Task — Gather every line from the entries below that includes "outdoors".

Source information —
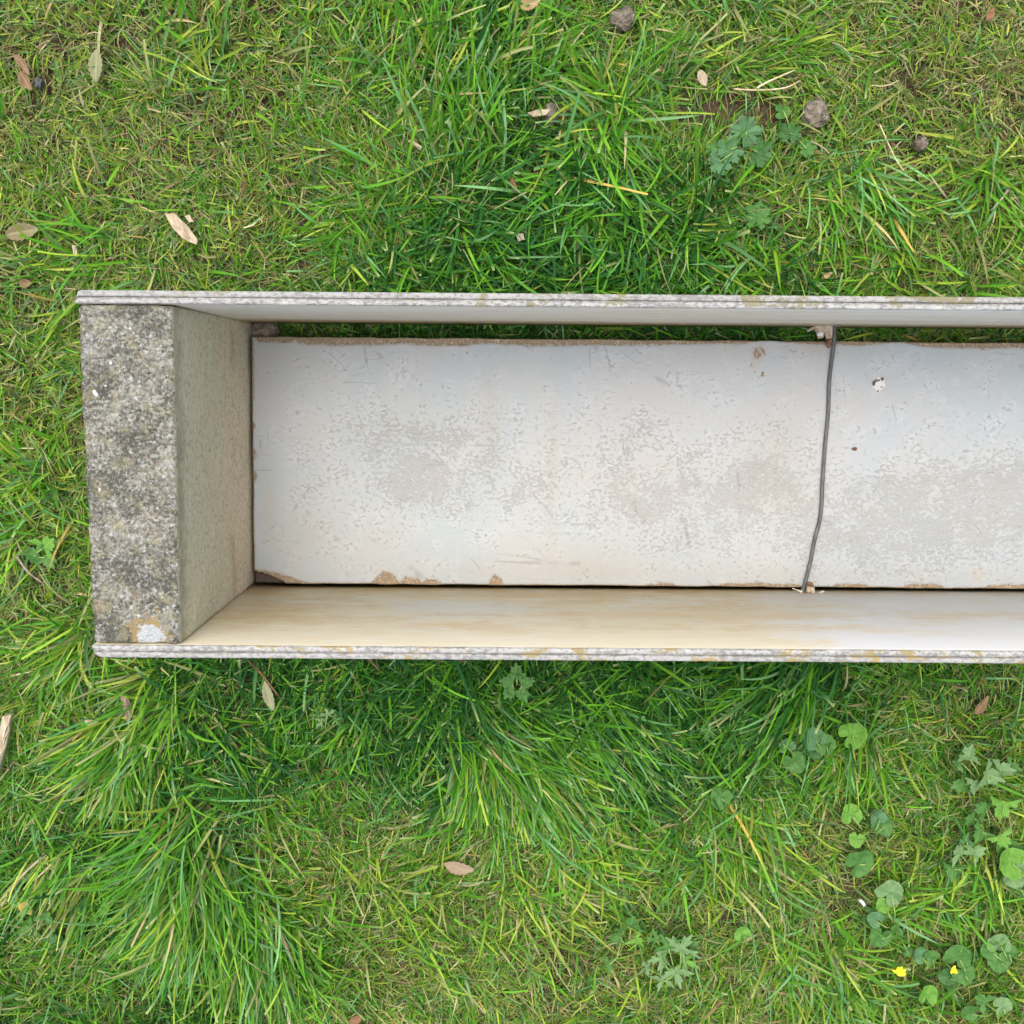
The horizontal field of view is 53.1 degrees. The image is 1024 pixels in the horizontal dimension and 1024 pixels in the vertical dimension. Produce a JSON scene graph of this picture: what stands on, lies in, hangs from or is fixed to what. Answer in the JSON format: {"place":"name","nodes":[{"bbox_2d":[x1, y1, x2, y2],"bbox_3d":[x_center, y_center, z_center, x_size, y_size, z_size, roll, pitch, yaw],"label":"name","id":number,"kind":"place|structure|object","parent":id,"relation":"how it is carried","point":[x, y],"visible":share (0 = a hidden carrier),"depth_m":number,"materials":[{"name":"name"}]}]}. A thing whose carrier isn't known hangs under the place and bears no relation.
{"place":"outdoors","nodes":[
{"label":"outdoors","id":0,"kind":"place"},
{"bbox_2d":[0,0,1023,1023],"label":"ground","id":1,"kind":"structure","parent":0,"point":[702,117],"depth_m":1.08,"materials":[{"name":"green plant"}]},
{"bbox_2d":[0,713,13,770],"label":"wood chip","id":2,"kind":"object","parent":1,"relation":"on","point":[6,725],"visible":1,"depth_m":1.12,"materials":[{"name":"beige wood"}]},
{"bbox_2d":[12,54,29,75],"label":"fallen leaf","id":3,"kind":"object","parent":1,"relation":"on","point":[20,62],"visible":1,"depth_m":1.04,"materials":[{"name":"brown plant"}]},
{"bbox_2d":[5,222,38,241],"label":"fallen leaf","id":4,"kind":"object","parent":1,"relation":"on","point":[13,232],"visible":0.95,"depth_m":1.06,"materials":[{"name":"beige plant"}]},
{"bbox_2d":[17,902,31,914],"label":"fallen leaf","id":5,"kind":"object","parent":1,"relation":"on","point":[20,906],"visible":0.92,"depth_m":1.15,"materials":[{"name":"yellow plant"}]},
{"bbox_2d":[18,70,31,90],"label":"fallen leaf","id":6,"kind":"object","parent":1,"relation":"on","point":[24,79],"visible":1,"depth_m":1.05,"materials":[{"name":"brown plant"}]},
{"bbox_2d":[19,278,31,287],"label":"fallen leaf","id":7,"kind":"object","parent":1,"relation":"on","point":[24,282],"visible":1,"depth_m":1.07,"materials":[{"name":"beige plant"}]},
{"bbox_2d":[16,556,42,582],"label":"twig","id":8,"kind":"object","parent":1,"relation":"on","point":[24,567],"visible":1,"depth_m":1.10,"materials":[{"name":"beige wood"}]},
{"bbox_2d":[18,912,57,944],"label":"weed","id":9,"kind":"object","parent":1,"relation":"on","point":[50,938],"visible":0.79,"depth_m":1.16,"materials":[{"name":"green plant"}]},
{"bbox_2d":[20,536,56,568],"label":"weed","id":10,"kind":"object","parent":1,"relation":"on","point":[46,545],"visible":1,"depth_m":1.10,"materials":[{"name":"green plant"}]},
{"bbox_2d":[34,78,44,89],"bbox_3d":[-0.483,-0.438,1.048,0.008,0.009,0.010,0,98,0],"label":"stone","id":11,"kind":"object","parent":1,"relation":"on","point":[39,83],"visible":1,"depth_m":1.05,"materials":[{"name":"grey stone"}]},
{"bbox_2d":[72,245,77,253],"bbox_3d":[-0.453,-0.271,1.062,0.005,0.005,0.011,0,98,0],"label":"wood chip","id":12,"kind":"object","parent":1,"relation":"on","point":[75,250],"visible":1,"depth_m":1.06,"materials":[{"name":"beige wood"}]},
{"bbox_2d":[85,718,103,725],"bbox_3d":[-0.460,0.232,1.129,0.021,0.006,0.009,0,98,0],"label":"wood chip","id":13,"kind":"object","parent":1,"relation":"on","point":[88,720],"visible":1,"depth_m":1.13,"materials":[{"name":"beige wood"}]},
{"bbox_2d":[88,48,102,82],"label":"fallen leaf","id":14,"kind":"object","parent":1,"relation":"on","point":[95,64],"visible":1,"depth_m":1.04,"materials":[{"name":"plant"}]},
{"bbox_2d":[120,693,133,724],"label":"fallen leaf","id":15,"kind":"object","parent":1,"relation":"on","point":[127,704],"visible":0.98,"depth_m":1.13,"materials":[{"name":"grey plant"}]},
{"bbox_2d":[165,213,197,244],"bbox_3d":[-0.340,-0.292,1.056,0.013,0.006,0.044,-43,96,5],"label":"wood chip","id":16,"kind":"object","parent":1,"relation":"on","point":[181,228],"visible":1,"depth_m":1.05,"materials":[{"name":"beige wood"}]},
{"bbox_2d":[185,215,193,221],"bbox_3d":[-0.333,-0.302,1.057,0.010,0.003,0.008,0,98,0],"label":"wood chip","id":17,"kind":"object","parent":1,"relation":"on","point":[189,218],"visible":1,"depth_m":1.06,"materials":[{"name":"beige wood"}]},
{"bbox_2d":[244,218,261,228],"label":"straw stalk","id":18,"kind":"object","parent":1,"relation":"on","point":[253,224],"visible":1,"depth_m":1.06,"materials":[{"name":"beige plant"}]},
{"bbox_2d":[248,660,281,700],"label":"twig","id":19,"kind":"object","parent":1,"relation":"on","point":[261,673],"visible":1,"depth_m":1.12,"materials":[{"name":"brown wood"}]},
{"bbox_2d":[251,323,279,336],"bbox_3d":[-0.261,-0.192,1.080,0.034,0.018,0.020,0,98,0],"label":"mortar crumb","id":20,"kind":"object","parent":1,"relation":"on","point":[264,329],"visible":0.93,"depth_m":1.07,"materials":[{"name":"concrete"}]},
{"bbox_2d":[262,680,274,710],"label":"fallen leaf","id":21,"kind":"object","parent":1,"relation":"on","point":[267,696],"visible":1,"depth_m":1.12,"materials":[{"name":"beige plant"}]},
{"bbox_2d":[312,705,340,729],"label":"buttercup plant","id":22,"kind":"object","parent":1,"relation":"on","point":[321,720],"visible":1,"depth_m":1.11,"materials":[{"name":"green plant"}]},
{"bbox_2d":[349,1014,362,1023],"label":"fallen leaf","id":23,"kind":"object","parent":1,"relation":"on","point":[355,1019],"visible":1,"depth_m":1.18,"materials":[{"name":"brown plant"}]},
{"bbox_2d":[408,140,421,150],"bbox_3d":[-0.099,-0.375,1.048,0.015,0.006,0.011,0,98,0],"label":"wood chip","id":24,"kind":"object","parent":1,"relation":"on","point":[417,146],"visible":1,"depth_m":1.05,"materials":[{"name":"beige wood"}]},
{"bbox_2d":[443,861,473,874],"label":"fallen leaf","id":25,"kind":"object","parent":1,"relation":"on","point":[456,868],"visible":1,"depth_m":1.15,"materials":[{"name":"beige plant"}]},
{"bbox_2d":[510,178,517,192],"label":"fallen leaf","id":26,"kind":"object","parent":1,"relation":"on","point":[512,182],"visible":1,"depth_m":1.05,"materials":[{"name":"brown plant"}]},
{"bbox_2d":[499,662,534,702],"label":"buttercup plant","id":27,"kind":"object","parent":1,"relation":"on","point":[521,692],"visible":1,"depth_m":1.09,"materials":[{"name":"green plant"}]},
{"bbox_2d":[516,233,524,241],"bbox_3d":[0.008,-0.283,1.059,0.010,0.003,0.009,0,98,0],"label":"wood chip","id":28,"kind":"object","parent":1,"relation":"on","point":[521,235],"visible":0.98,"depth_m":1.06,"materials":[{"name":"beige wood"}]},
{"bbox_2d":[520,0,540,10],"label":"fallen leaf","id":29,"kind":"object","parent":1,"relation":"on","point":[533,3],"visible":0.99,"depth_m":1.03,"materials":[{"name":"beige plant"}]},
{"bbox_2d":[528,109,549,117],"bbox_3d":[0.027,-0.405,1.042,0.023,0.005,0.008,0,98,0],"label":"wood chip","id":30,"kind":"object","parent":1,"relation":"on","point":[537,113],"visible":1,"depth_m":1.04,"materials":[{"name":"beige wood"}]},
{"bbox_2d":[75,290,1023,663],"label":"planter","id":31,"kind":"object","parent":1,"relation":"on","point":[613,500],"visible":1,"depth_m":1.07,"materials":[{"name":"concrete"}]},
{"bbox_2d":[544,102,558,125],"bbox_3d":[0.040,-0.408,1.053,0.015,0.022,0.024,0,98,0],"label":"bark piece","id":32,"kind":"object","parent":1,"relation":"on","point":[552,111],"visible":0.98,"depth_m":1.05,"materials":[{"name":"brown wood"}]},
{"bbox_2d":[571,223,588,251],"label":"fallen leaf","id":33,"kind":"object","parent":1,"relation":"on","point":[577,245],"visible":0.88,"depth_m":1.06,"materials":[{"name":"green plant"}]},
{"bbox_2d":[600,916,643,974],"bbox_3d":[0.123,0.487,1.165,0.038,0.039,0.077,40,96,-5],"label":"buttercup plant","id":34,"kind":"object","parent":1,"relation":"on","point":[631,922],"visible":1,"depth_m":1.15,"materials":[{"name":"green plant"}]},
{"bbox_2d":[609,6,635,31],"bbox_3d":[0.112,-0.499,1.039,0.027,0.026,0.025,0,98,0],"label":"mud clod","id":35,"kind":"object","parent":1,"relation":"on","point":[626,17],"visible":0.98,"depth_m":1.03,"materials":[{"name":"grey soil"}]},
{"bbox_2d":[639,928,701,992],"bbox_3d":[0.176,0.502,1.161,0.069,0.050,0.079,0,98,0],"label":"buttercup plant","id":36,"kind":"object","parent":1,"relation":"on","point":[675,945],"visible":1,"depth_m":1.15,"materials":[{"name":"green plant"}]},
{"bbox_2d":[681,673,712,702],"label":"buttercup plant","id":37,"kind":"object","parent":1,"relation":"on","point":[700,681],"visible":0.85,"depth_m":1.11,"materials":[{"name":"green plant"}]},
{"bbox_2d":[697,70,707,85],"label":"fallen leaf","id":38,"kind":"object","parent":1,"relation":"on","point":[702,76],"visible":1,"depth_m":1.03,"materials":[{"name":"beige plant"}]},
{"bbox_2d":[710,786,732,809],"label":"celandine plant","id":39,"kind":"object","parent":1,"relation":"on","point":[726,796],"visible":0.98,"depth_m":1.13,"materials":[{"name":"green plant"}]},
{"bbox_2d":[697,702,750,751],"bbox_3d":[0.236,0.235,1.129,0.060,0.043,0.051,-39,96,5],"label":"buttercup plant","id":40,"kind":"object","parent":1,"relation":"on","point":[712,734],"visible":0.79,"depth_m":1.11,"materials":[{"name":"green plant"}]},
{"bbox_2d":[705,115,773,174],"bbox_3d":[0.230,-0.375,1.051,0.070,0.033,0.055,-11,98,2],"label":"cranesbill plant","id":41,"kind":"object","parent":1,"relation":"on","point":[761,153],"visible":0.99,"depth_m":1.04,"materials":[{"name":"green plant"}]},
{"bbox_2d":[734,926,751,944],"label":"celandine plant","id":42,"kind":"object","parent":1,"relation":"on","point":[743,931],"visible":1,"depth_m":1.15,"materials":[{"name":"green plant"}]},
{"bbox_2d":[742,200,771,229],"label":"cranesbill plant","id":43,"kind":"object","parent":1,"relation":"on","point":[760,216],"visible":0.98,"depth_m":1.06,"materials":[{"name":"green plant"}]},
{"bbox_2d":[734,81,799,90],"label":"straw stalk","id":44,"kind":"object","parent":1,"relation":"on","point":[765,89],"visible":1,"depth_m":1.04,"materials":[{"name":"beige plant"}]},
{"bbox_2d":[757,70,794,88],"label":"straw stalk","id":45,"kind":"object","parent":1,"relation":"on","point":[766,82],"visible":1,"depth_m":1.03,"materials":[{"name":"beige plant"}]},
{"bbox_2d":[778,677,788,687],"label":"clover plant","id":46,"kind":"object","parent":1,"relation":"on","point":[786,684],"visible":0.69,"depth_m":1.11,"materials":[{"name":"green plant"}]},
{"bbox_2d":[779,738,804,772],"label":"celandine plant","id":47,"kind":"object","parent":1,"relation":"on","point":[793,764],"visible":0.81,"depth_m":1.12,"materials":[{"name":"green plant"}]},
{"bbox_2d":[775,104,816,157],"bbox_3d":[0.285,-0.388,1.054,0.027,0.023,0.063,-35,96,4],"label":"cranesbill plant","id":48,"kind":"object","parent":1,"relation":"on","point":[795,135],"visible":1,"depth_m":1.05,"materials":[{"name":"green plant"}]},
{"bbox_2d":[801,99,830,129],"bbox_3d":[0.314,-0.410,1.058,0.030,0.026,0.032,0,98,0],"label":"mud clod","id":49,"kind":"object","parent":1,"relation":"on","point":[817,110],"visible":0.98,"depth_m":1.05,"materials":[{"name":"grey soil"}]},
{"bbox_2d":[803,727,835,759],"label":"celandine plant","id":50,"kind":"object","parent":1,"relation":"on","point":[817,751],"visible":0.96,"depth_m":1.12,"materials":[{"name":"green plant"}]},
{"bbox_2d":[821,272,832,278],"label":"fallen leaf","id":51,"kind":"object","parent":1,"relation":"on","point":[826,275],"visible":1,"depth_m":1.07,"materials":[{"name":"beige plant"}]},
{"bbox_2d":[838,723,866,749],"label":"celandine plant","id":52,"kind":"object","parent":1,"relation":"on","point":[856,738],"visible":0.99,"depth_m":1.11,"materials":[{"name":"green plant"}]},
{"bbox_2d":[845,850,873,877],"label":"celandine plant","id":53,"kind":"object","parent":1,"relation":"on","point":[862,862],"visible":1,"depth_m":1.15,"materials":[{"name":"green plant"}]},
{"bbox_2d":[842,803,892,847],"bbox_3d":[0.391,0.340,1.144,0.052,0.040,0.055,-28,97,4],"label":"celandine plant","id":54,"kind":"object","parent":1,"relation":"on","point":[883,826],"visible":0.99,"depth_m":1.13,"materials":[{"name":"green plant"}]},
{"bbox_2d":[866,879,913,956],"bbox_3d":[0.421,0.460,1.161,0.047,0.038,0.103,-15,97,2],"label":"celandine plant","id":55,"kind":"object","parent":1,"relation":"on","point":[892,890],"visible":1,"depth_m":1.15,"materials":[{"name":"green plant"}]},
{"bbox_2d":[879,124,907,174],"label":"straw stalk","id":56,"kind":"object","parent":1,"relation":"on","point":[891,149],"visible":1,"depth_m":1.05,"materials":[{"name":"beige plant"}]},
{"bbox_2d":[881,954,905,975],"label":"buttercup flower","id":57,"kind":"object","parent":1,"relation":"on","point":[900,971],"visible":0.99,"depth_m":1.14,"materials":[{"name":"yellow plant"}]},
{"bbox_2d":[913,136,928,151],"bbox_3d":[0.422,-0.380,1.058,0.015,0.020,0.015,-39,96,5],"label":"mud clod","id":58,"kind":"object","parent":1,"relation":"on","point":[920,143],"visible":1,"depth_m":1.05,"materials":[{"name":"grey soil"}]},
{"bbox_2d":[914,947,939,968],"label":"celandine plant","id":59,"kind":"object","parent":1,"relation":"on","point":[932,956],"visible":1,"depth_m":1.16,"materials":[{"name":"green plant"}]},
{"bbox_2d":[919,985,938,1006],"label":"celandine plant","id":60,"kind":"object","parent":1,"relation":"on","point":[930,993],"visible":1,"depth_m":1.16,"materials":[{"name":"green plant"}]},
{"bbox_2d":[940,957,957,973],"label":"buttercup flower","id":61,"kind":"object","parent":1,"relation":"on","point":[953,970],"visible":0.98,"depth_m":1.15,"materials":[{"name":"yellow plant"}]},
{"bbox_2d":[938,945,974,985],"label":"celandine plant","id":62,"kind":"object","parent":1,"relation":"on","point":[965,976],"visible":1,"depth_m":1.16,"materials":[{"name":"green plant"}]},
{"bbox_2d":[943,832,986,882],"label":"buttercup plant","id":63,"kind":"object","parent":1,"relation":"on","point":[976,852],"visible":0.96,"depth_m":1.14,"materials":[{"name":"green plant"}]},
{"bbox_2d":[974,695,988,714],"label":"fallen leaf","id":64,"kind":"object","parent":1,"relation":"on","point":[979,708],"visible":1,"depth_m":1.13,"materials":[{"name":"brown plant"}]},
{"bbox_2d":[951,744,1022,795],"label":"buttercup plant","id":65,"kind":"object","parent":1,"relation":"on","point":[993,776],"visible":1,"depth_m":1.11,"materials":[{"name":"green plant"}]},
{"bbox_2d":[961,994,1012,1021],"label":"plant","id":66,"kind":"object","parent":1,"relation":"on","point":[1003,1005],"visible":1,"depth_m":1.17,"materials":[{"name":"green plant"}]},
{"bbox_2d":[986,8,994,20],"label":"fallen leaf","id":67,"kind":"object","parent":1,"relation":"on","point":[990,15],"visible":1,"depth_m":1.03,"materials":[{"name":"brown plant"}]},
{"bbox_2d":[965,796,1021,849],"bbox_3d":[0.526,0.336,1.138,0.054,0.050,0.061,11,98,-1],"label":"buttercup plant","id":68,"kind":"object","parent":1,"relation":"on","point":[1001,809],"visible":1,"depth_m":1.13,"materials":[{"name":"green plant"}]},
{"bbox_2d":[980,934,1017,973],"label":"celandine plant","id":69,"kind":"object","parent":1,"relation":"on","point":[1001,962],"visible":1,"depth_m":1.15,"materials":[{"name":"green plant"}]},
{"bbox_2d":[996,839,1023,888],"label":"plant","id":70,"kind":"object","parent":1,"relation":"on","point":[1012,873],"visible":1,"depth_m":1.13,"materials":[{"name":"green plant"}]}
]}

Response —
{"place":"outdoors","nodes":[
{"label":"outdoors","id":0,"kind":"place"},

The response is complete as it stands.